# Quantitative Evidence Often a Tough Sell in Court

**BOOK REVIEW:** **Math on Trial.** *By Leila Schneps and Coralie Colmez, Basic Books, New York, 2013, 255 pages, $26.99.*

This book discusses in detail ten legal cases in which mathematical testimony was introduced in evidence. Each case is assigned a “Math Error Number” and given a modestly catchy title. Most of the cases are well known and have been written about repeatedly in law reviews and books, as the authors acknowledge in their Sources section. So the book is a revisiting of some legal chestnuts (plus some other less well known cases) in which math appears to have played a role.

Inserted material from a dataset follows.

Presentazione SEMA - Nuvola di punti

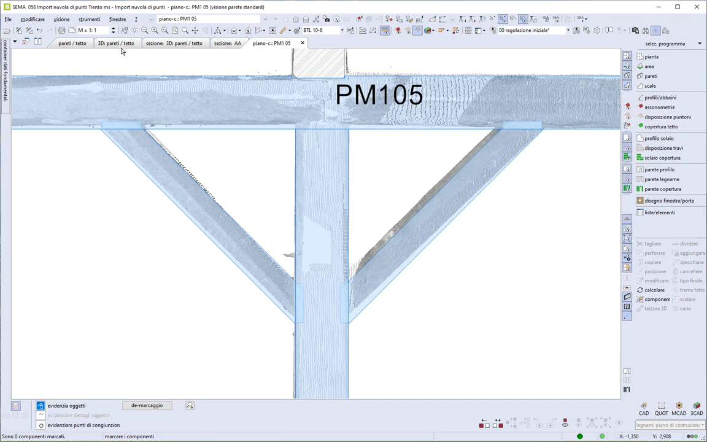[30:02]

The authors have evidently done their homework, and they give us a raft of new details about the cases and their context. There is room here to discuss only three of the cases.

■ ■ ■ |

What appears to be the first case in which a mathematician testified to mathematical probability involved one Hetty Green, the niece of Sylvia Ann Howland, a wealthy unmarried woman living in New Bedford, Massachusetts. This case the authors call Math Error Number 9: Choosing a Wrong Model. When Sylvia died, in 1865, she left a will in which she bequeathed to Hetty a life interest in a trust of her large estate. But Hetty, unsatisfied with this generosity, produced a separate one-page document, purportedly signed by Sylvia, that gave her Sylvia’s estate outright, and purported to invalidate any future wills to the contrary. Hetty claimed that Sylvia had signed the document immediately before she had signed an earlier will. The executor rejected the claim on the ground, among others, that Sylvia’s signature was a forgery, and the case became a cause célèbre.

In the lawsuit that followed, mathematics entered the fray when Benjamin Peirce, a professor of mathematics at Harvard, working with his son, Charles Sanders Peirce, later a famous logician and philosopher, testified to the probability that so many of the downstrokes in the disputed and authentic signatures of Sylvia would coincide. To do this, they took 42 admittedly genuine documents signed by Sylvia and computed the number of matching downstrokes in each of 861 pairs of signatures. From this they calculated that the probability of coincidence of a downstroke in a pair of signatures was about 1/5. Since all 30 downstrokes in the disputed and authentic signatures coincided, Peirce père, using a binomial model, concluded that the probability of 30 coinciding downstrokes if both signatures were authentic was (1/5)^{30} = 1 in 2,666 millions of millions of millions. The calculation is not quite right, as the authors and others have pointed out, but the major fault lies in the inappropriateness of the binomial model, with its assumption of independence of pairs of downstrokes and the constant \(p\) = 1/5 across pairs of documents.

An 1860s lawsuit centered on the claim of a forged signature. On the left: 10 of 42 samples of the signature measured by the mathematician Charles Sanders Peirce. On the right: the signature on the first page of the will and the two disputed signatures. From Math on Trial. |

This much is well-trodden ground. What the book adds of interest is its discussion of the case’s rich context. However, I was troubled by the authors’ statement that followed their description of Benjamin Peirce’s testimony: “What he meant, *and what the jury took him to mean* . . . [italics added]” was that the chance of two signatures being identical was negligible. How could the authors know what the jury thought in this mid-19th-century case? And then I recollected that because the case was in equity—Hetty sought specific performance of the agreement recited in the one-page document—it would have been heard by a judge without a jury. In that case, the authors would have made up that “fact,” pure and simple. They also concluded that the judge “simply opted to reject Hetty’s testimony altogether, and the case ended with a settlement that was essentially identical to Sylvia’s latest will.” This coda leaves the impression that the court unfairly brushed aside Hetty’s claim. But a federal statute of the time provided that, in actions by or against an executor, neither party was allowed to testify against the other as to any transactions with the deceased. Because Hetty was the sole witness to the purported signing of the agreement, the circuit judges correctly dismissed her case.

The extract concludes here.